Okazaki Takahiro, Nagai Shota
Rehabilitation Center, Kaga Medical Center: Ri-36 Sakumi, Kaga City, Ishikawa 922-8522, Japan.
Master's Program, Graduate School of Rehabilitation, Kinjo University, Japan.
J Phys Ther Sci. 2024 Dec;36(12):776-781. doi: 10.1589/jpts.36.776. Epub 2024 Dec 1.

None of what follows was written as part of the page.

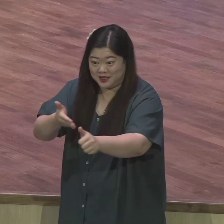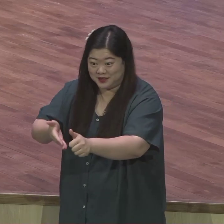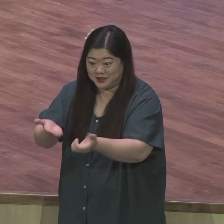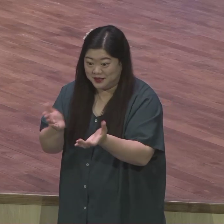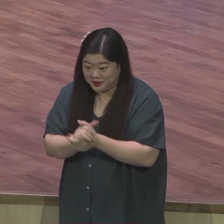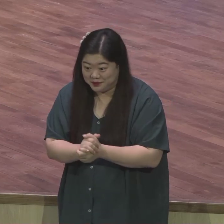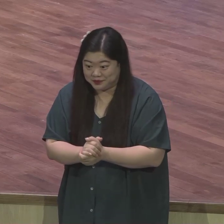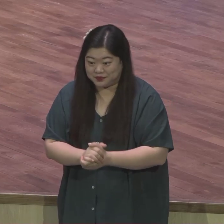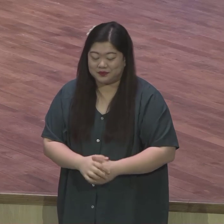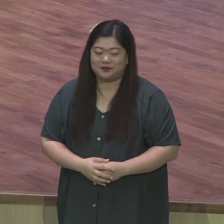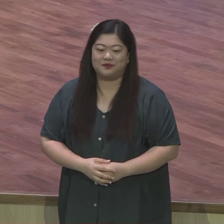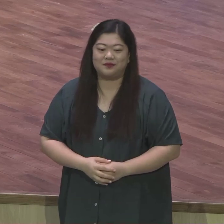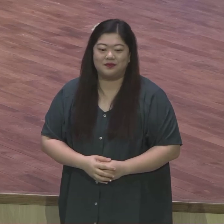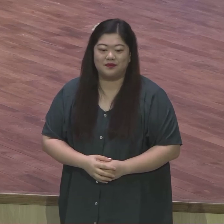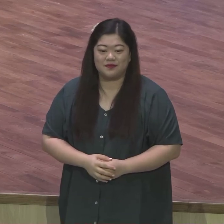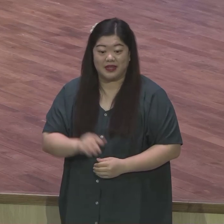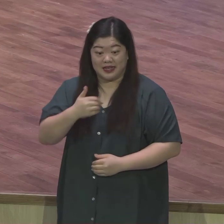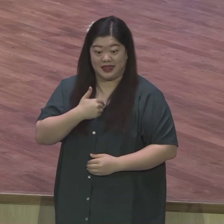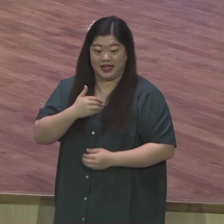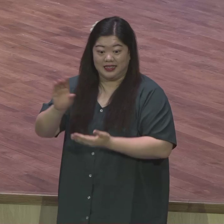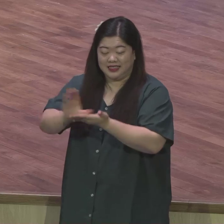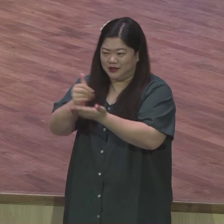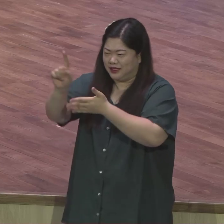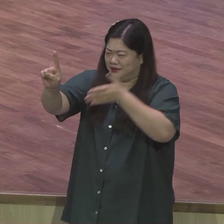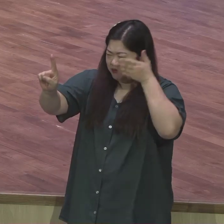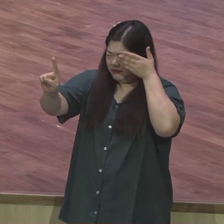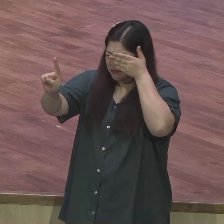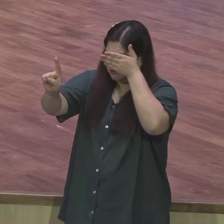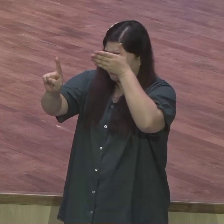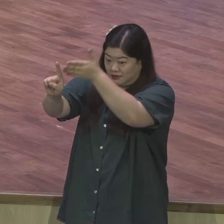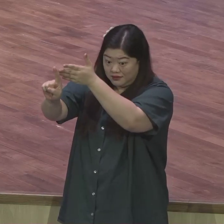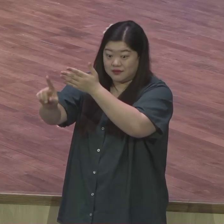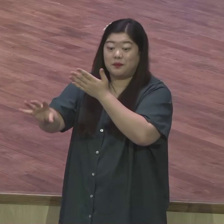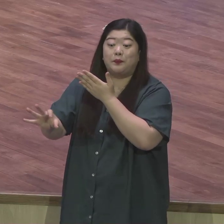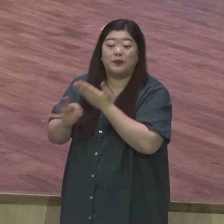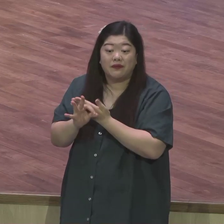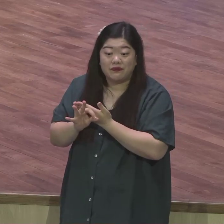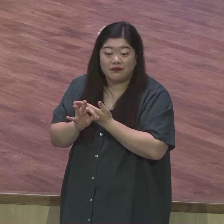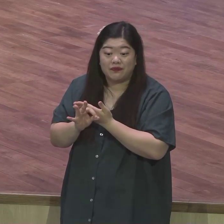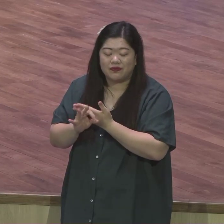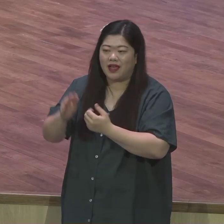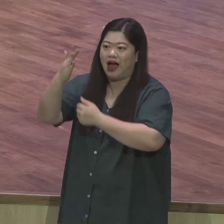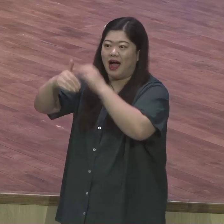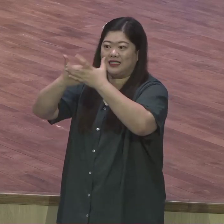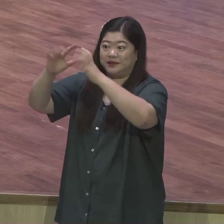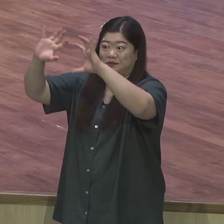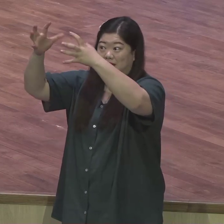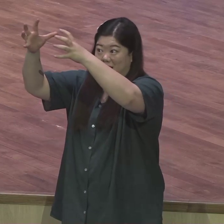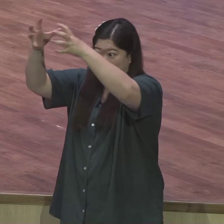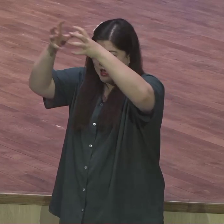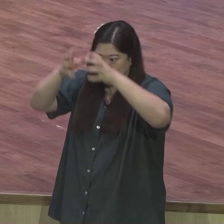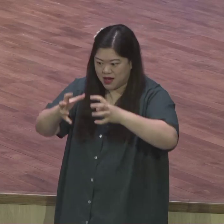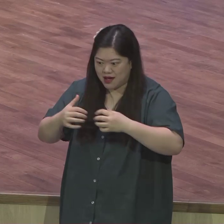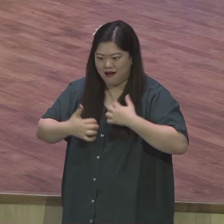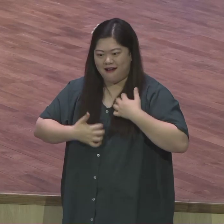사람에게 어떤 일이 생깁니까 가는 곳곳마다 하나님의 나라 하나님 나라 확장 승인반되면
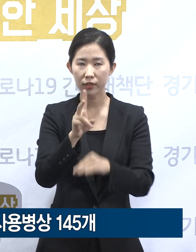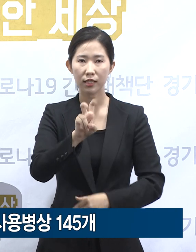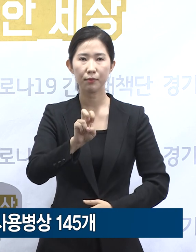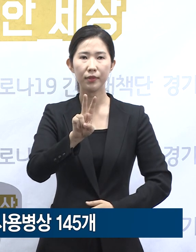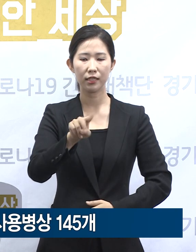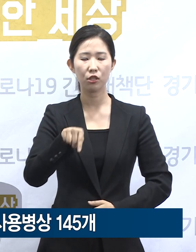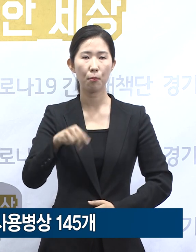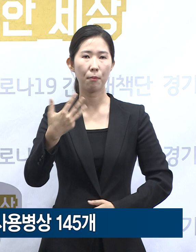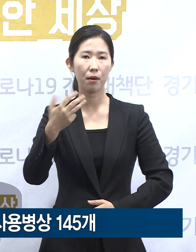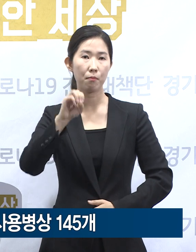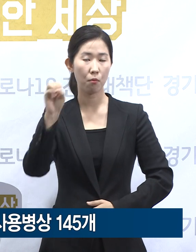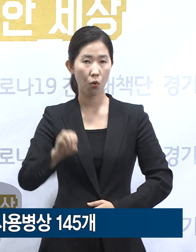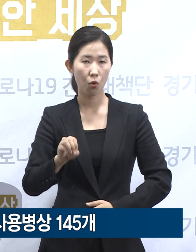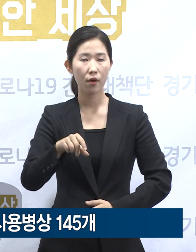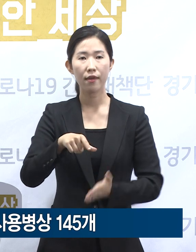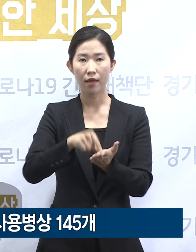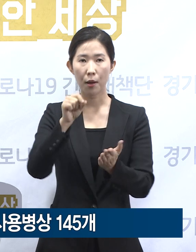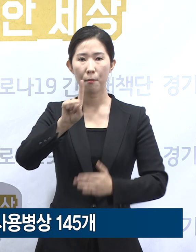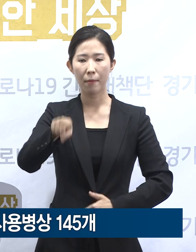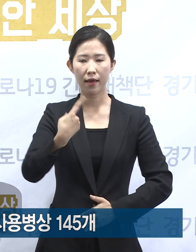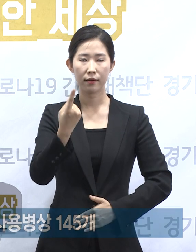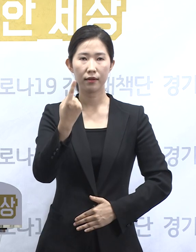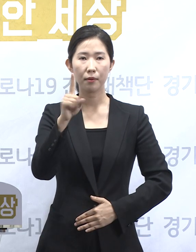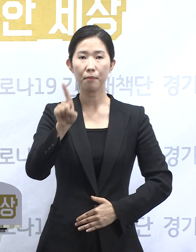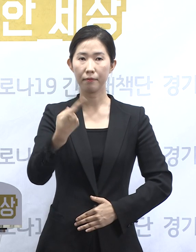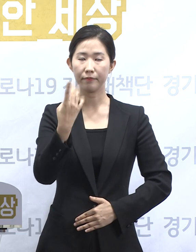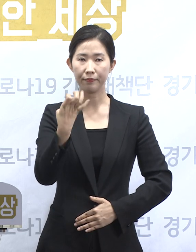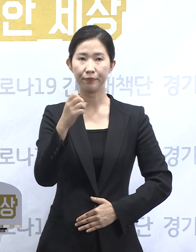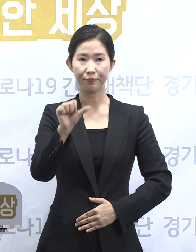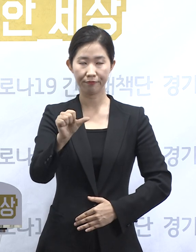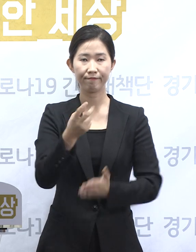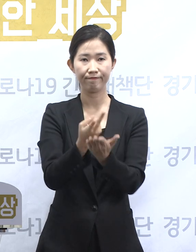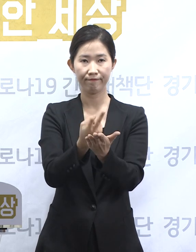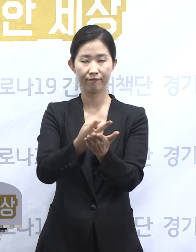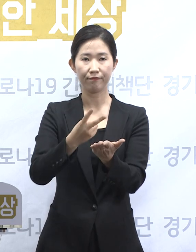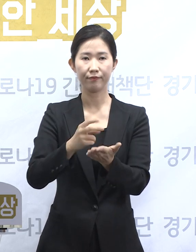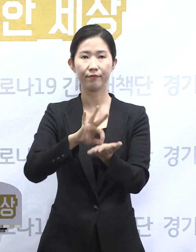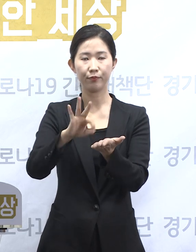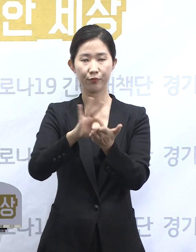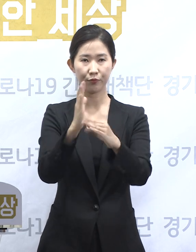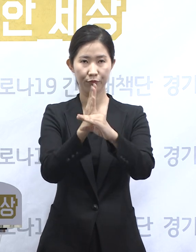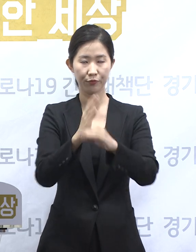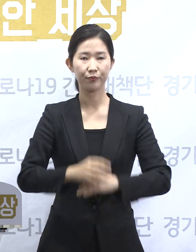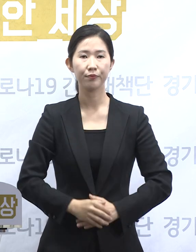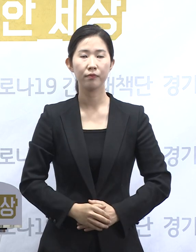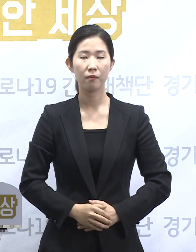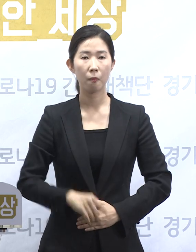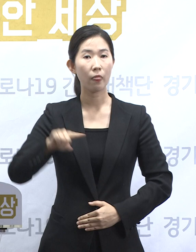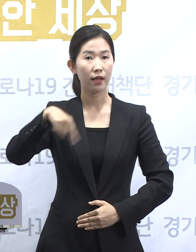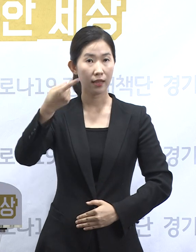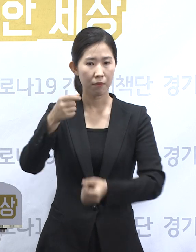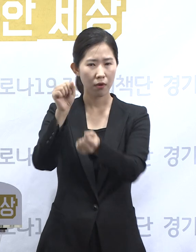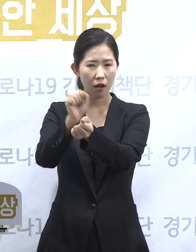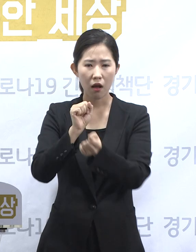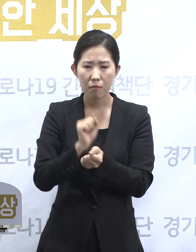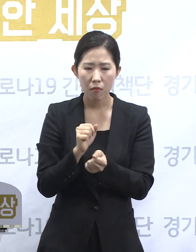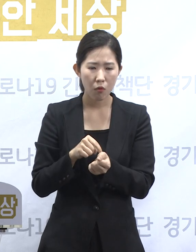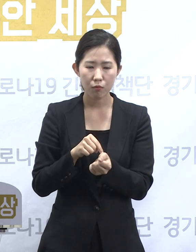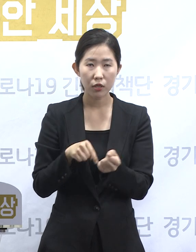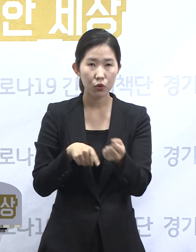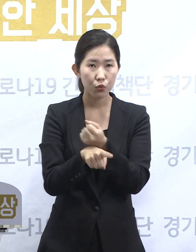.8%인 145병상입니다. 다음은 감염 경로에 따른 특징을 분석한 결과에 대해

[Purpose] To compare the muscle evaluation indices obtained by scanning the spastic muscles of stroke patients between the paretic and non-paretic sides using ultrasound imaging equipment, determine whether any features can be detected, and verify whether the evaluation indices that detect differences are valid for measuring the degree of spasticity. [Participants and Methods] The participants were 23 first-ever stroke patients with motor paralysis in one upper or lower limb, admitted to our hospital between 1 and 6 months after onset. The biceps brachii muscle and medial head of the gastrocnemius muscle were evaluated on both sides using ultrasound imaging equipment. The muscle evaluation indices were muscle thickness, muscle echo intensity, muscle stiffness, and muscle-tendon junction displacement. Pennation angles were also measured at the medial head of the gastrocnemius muscle. [Results] Significant differences were found between the paretic and nonparetic sides in the muscle-tendon junction displacement of the biceps brachii muscle and edial head of the gastrocnemius muscle. No significant differences were found in the other muscle evaluation indices. [Conclusion] Muscle-tendon junction displacement was the only index that showed significant differences between the non-paretic and paretic sides. It showed a moderate-to-strong correlation with the Modified Ashworth Scale, suggesting its potential as an alternative evaluation index for muscle strain.
[目的] 使用超声成像设备比较对首次发生卒中且一侧上肢或下肢存在运动麻痹的患者痉挛肌肉进行双侧扫描所获得的肌肉评估指标,确定是否能检测到任何特征,并验证检测到差异的评估指标对于测量痉挛程度是否有效。[参与者与方法] 参与者为23例首次发生卒中的患者,在发病后1至6个月入院,其一侧上肢或下肢存在运动麻痹。使用超声成像设备对双侧肱二头肌和腓肠肌内侧头进行评估。肌肉评估指标包括肌肉厚度、肌肉回声强度、肌肉硬度和肌腱结合部位移。还在腓肠肌内侧头测量了羽状角。[结果] 肱二头肌和腓肠肌内侧头的肌腱结合部位移在患侧和健侧之间存在显著差异。其他肌肉评估指标未发现显著差异。[结论] 肌腱结合部位移是唯一在健侧和患侧之间显示出显著差异的指标。它与改良Ashworth量表呈中度至强相关性,表明其作为肌肉紧张度替代评估指标的潜力。